* WHAT NEEDS TO BE DONE *
Your transcription must include every record word for word and no pictures.
#### THE DATA ####
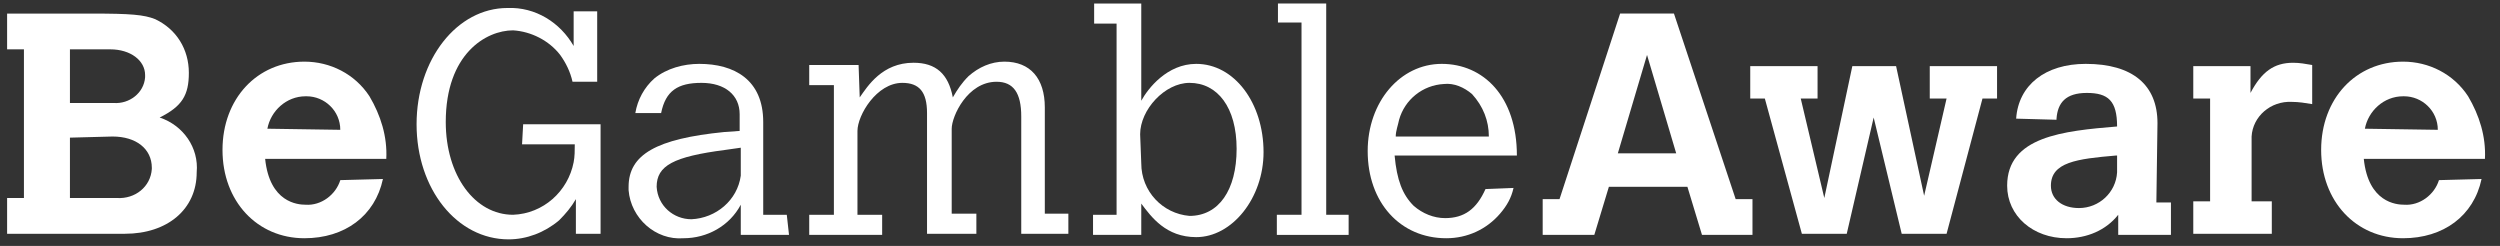 <svg width="122" height="12" viewBox="0 0 122 12" fill="none" xmlns="http://www.w3.org/2000/svg">
<rect x="0" y="0" width="122" height="12" fill="#333333" stroke="none"/>
<path d="M3.413 6.717V9.663H5.712C6.588 9.717 7.354 9.117 7.409 8.244V8.19C7.409 7.262 6.643 6.662 5.493 6.662L3.413 6.717ZM3.413 2.408V5.026H5.548C6.314 5.081 7.026 4.535 7.081 3.772V3.662C7.081 2.953 6.369 2.408 5.383 2.408L3.413 2.408ZM0.347 0.663H4.508C6.369 0.663 7.026 0.717 7.573 0.935C8.614 1.426 9.216 2.408 9.216 3.554C9.216 4.644 8.887 5.19 7.792 5.735C8.942 6.117 9.708 7.208 9.599 8.408C9.599 10.208 8.176 11.408 6.095 11.408H0.347V9.663H1.168V2.408H0.347V0.663" fill="white"/>
<path d="M16.606 6.335C16.606 5.408 15.84 4.699 14.964 4.699H14.909C13.978 4.699 13.212 5.408 13.048 6.281L16.606 6.335ZM18.687 8.735C18.304 10.535 16.826 11.626 14.855 11.626C12.556 11.626 10.858 9.826 10.858 7.317C10.858 4.808 12.556 3.008 14.855 3.008C16.114 3.008 17.318 3.608 18.03 4.699C18.578 5.626 18.906 6.662 18.851 7.753H12.939C13.158 9.881 14.526 9.99 14.909 9.99C15.676 10.045 16.388 9.499 16.607 8.79L18.687 8.735" fill="white"/>
<path d="M25.53 6.063H29.308V11.408H28.103V9.717C27.884 10.099 27.611 10.426 27.282 10.754C26.57 11.354 25.695 11.681 24.819 11.681C22.3 11.681 20.329 9.226 20.329 6.063C20.329 2.899 22.3 0.39 24.764 0.39C26.133 0.335 27.337 1.099 27.994 2.244V0.553H29.143V3.99H27.939C27.83 3.499 27.611 3.062 27.337 2.681C26.789 1.972 25.914 1.535 25.038 1.481C23.724 1.481 21.753 2.626 21.753 5.953C21.753 8.572 23.176 10.481 25.038 10.481C26.516 10.426 27.72 9.335 27.994 7.917C28.049 7.645 28.049 7.317 28.049 7.044H25.476L25.53 6.063Z" fill="white"/>
<path d="M36.15 7.208L35.384 7.317C32.866 7.644 32.044 8.081 32.044 9.117C32.099 10.044 32.866 10.699 33.742 10.699C34.946 10.644 35.986 9.772 36.15 8.572L36.15 7.208ZM38.504 11.463H36.15V9.99C35.602 11.026 34.508 11.626 33.358 11.626C31.989 11.735 30.785 10.645 30.675 9.281V9.117C30.675 7.535 32.044 6.772 35.329 6.444L36.095 6.39V5.572C36.095 4.644 35.384 4.044 34.234 4.044C33.084 4.044 32.482 4.426 32.263 5.517H31.004C31.113 4.862 31.442 4.262 31.934 3.826C32.537 3.335 33.358 3.117 34.124 3.117C35.822 3.117 37.245 3.881 37.245 5.953V10.481H38.395L38.504 11.463Z" fill="white"/>
<path d="M41.954 4.753C42.337 4.208 43.049 3.062 44.581 3.062C45.676 3.062 46.279 3.608 46.498 4.753C46.717 4.372 46.935 4.044 47.264 3.717C47.757 3.281 48.359 3.008 49.016 3.008C50.275 3.008 50.987 3.826 50.987 5.244V10.426H52.136V11.408H49.837V5.681C49.837 4.535 49.454 3.99 48.633 3.99C47.209 3.99 46.443 5.681 46.443 6.281V10.426H47.647V11.408H45.239V5.517C45.239 4.481 44.855 4.044 44.034 4.044C42.775 4.044 41.844 5.626 41.844 6.39V10.481H43.049V11.463H39.49V10.481H40.694V4.153H39.49V3.172H41.899L41.954 4.753Z" fill="white"/>
<path d="M55.694 7.972C55.694 9.335 56.734 10.426 58.048 10.536C59.471 10.536 60.347 9.281 60.347 7.263C60.347 5.244 59.416 4.044 58.048 4.044C56.843 4.044 55.639 5.353 55.639 6.553L55.694 7.972ZM53.394 0.172H55.694V4.917C56.022 4.317 56.953 3.117 58.376 3.117C60.237 3.117 61.661 5.026 61.661 7.426C61.661 9.663 60.128 11.572 58.376 11.572C56.898 11.572 56.186 10.59 55.694 9.935V11.463H53.34V10.481H54.489V1.153H53.394V0.172Z" fill="white"/>
<path d="M62.364 0.171H64.719V10.481H65.813V11.463H62.31V10.481H63.514V1.099H62.364V0.171Z" fill="white"/>
<path d="M72.656 6.662C72.656 5.899 72.382 5.19 71.835 4.59C71.451 4.263 70.959 4.044 70.466 4.099C69.426 4.153 68.55 4.863 68.276 5.844C68.221 6.117 68.112 6.39 68.112 6.662L72.656 6.662ZM73.86 9.172C73.751 9.663 73.532 10.044 73.203 10.426C72.546 11.19 71.616 11.626 70.576 11.626C68.331 11.626 66.743 9.881 66.743 7.372C66.743 4.972 68.331 3.117 70.356 3.117C72.382 3.117 74.024 4.699 74.024 7.59H68.057C68.167 8.79 68.44 9.499 68.988 10.044C69.426 10.426 69.973 10.644 70.521 10.644C71.451 10.644 72.054 10.208 72.492 9.226L73.86 9.172Z" fill="white"/>
<path d="M80.375 2.681L78.951 7.481H81.798L80.375 2.681ZM79.061 0.662H81.689L84.7 9.717H85.521V11.463H83.057L82.346 9.117H78.513L77.802 11.463H75.283V9.717H76.105L79.061 0.662Z" fill="white"/>
<path d="M85.412 3.226H88.697V4.808H87.876L89.026 9.663L90.394 3.226H92.529L93.898 9.554L94.993 4.808H94.172V3.226H97.456V4.808H96.745L94.993 11.408H92.803L91.435 5.735L90.121 11.408H87.931L86.124 4.808H85.412V3.226Z" fill="white"/>
<path d="M103.26 7.59C101.343 7.753 100.084 7.917 100.084 9.063C100.084 9.717 100.632 10.153 101.453 10.153C102.438 10.153 103.259 9.39 103.314 8.408V8.354V7.59H103.26ZM105.231 9.881H105.942V11.463H103.369V10.481C102.767 11.244 101.836 11.626 100.851 11.626C99.209 11.626 97.949 10.535 97.949 9.062C97.949 6.662 100.687 6.39 103.314 6.172C103.314 4.917 102.877 4.535 101.836 4.535C100.796 4.535 100.413 5.026 100.358 5.79V5.844L98.388 5.79C98.497 4.153 99.811 3.117 101.782 3.117C104.081 3.117 105.285 4.153 105.285 6.008L105.231 9.881Z" fill="white"/>
<path d="M109.824 4.535C110.371 3.499 110.973 3.063 111.904 3.063C112.232 3.063 112.506 3.117 112.835 3.172V5.081C112.506 5.026 112.178 4.972 111.849 4.972C110.809 4.917 109.933 5.681 109.878 6.663V9.826H110.864V11.408H107.032V9.826H107.853V4.808H107.032V3.226H109.824V4.535Z" fill="white"/>
<path d="M118.965 6.335C118.965 5.408 118.198 4.699 117.322 4.699H117.268C116.337 4.699 115.571 5.408 115.406 6.281L118.965 6.335ZM121.1 8.735C120.718 10.535 119.24 11.626 117.269 11.626C114.969 11.626 113.272 9.826 113.272 7.317C113.272 4.808 114.969 3.008 117.269 3.008C118.528 3.008 119.732 3.608 120.444 4.699C120.991 5.626 121.32 6.662 121.265 7.753H115.353C115.572 9.881 116.94 9.99 117.323 9.99C118.09 10.045 118.802 9.499 119.021 8.79L121.101 8.735" fill="white"/>
</svg>
####
* FINAL ANSWER *
 <svg width="122" height="12" viewBox="0 0 122 12" fill="none" xmlns="http://www.w3.org/2000/svg">
<rect x="0" y="0" width="122" height="12" fill="#333333" stroke="none"/>
<path d="M3.413 6.717V9.663H5.712C6.588 9.717 7.354 9.117 7.409 8.244V8.19C7.409 7.262 6.643 6.662 5.493 6.662L3.413 6.717ZM3.413 2.408V5.026H5.548C6.314 5.081 7.026 4.535 7.081 3.772V3.662C7.081 2.953 6.369 2.408 5.383 2.408L3.413 2.408ZM0.347 0.663H4.508C6.369 0.663 7.026 0.717 7.573 0.935C8.614 1.426 9.216 2.408 9.216 3.554C9.216 4.644 8.887 5.19 7.792 5.735C8.942 6.117 9.708 7.208 9.599 8.408C9.599 10.208 8.176 11.408 6.095 11.408H0.347V9.663H1.168V2.408H0.347V0.663" fill="white"/>
<path d="M16.606 6.335C16.606 5.408 15.84 4.699 14.964 4.699H14.909C13.978 4.699 13.212 5.408 13.048 6.281L16.606 6.335ZM18.687 8.735C18.304 10.535 16.826 11.626 14.855 11.626C12.556 11.626 10.858 9.826 10.858 7.317C10.858 4.808 12.556 3.008 14.855 3.008C16.114 3.008 17.318 3.608 18.03 4.699C18.578 5.626 18.906 6.662 18.851 7.753H12.939C13.158 9.881 14.526 9.99 14.909 9.99C15.676 10.045 16.388 9.499 16.607 8.79L18.687 8.735" fill="white"/>
<path d="M25.53 6.063H29.308V11.408H28.103V9.717C27.884 10.099 27.611 10.426 27.282 10.754C26.57 11.354 25.695 11.681 24.819 11.681C22.3 11.681 20.329 9.226 20.329 6.063C20.329 2.899 22.3 0.39 24.764 0.39C26.133 0.335 27.337 1.099 27.994 2.244V0.553H29.143V3.99H27.939C27.83 3.499 27.611 3.062 27.337 2.681C26.789 1.972 25.914 1.535 25.038 1.481C23.724 1.481 21.753 2.626 21.753 5.953C21.753 8.572 23.176 10.481 25.038 10.481C26.516 10.426 27.72 9.335 27.994 7.917C28.049 7.645 28.049 7.317 28.049 7.044H25.476L25.53 6.063Z" fill="white"/>
<path d="M36.15 7.208L35.384 7.317C32.866 7.644 32.044 8.081 32.044 9.117C32.099 10.044 32.866 10.699 33.742 10.699C34.946 10.644 35.986 9.772 36.15 8.572L36.15 7.208ZM38.504 11.463H36.15V9.99C35.602 11.026 34.508 11.626 33.358 11.626C31.989 11.735 30.785 10.645 30.675 9.281V9.117C30.675 7.535 32.044 6.772 35.329 6.444L36.095 6.39V5.572C36.095 4.644 35.384 4.044 34.234 4.044C33.084 4.044 32.482 4.426 32.263 5.517H31.004C31.113 4.862 31.442 4.262 31.934 3.826C32.537 3.335 33.358 3.117 34.124 3.117C35.822 3.117 37.245 3.881 37.245 5.953V10.481H38.395L38.504 11.463Z" fill="white"/>
<path d="M41.954 4.753C42.337 4.208 43.049 3.062 44.581 3.062C45.676 3.062 46.279 3.608 46.498 4.753C46.717 4.372 46.935 4.044 47.264 3.717C47.757 3.281 48.359 3.008 49.016 3.008C50.275 3.008 50.987 3.826 50.987 5.244V10.426H52.136V11.408H49.837V5.681C49.837 4.535 49.454 3.99 48.633 3.99C47.209 3.99 46.443 5.681 46.443 6.281V10.426H47.647V11.408H45.239V5.517C45.239 4.481 44.855 4.044 44.034 4.044C42.775 4.044 41.844 5.626 41.844 6.39V10.481H43.049V11.463H39.49V10.481H40.694V4.153H39.49V3.172H41.899L41.954 4.753Z" fill="white"/>
<path d="M55.694 7.972C55.694 9.335 56.734 10.426 58.048 10.536C59.471 10.536 60.347 9.281 60.347 7.263C60.347 5.244 59.416 4.044 58.048 4.044C56.843 4.044 55.639 5.353 55.639 6.553L55.694 7.972ZM53.394 0.172H55.694V4.917C56.022 4.317 56.953 3.117 58.376 3.117C60.237 3.117 61.661 5.026 61.661 7.426C61.661 9.663 60.128 11.572 58.376 11.572C56.898 11.572 56.186 10.59 55.694 9.935V11.463H53.34V10.481H54.489V1.153H53.394V0.172Z" fill="white"/>
<path d="M62.364 0.171H64.719V10.481H65.813V11.463H62.31V10.481H63.514V1.099H62.364V0.171Z" fill="white"/>
<path d="M72.656 6.662C72.656 5.899 72.382 5.19 71.835 4.59C71.451 4.263 70.959 4.044 70.466 4.099C69.426 4.153 68.55 4.863 68.276 5.844C68.221 6.117 68.112 6.39 68.112 6.662L72.656 6.662ZM73.86 9.172C73.751 9.663 73.532 10.044 73.203 10.426C72.546 11.19 71.616 11.626 70.576 11.626C68.331 11.626 66.743 9.881 66.743 7.372C66.743 4.972 68.331 3.117 70.356 3.117C72.382 3.117 74.024 4.699 74.024 7.59H68.057C68.167 8.79 68.44 9.499 68.988 10.044C69.426 10.426 69.973 10.644 70.521 10.644C71.451 10.644 72.054 10.208 72.492 9.226L73.86 9.172Z" fill="white"/>
<path d="M80.375 2.681L78.951 7.481H81.798L80.375 2.681ZM79.061 0.662H81.689L84.7 9.717H85.521V11.463H83.057L82.346 9.117H78.513L77.802 11.463H75.283V9.717H76.105L79.061 0.662Z" fill="white"/>
<path d="M85.412 3.226H88.697V4.808H87.876L89.026 9.663L90.394 3.226H92.529L93.898 9.554L94.993 4.808H94.172V3.226H97.456V4.808H96.745L94.993 11.408H92.803L91.435 5.735L90.121 11.408H87.931L86.124 4.808H85.412V3.226Z" fill="white"/>
<path d="M103.26 7.59C101.343 7.753 100.084 7.917 100.084 9.063C100.084 9.717 100.632 10.153 101.453 10.153C102.438 10.153 103.259 9.39 103.314 8.408V8.354V7.59H103.26ZM105.231 9.881H105.942V11.463H103.369V10.481C102.767 11.244 101.836 11.626 100.851 11.626C99.209 11.626 97.949 10.535 97.949 9.062C97.949 6.662 100.687 6.39 103.314 6.172C103.314 4.917 102.877 4.535 101.836 4.535C100.796 4.535 100.413 5.026 100.358 5.79V5.844L98.388 5.79C98.497 4.153 99.811 3.117 101.782 3.117C104.081 3.117 105.285 4.153 105.285 6.008L105.231 9.881Z" fill="white"/>
<path d="M109.824 4.535C110.371 3.499 110.973 3.063 111.904 3.063C112.232 3.063 112.506 3.117 112.835 3.172V5.081C112.506 5.026 112.178 4.972 111.849 4.972C110.809 4.917 109.933 5.681 109.878 6.663V9.826H110.864V11.408H107.032V9.826H107.853V4.808H107.032V3.226H109.824V4.535Z" fill="white"/>
<path d="M118.965 6.335C118.965 5.408 118.198 4.699 117.322 4.699H117.268C116.337 4.699 115.571 5.408 115.406 6.281L118.965 6.335ZM121.1 8.735C120.718 10.535 119.24 11.626 117.269 11.626C114.969 11.626 113.272 9.826 113.272 7.317C113.272 4.808 114.969 3.008 117.269 3.008C118.528 3.008 119.732 3.608 120.444 4.699C120.991 5.626 121.32 6.662 121.265 7.753H115.353C115.572 9.881 116.94 9.99 117.323 9.99C118.09 10.045 118.802 9.499 119.021 8.79L121.101 8.735" fill="white"/>
</svg>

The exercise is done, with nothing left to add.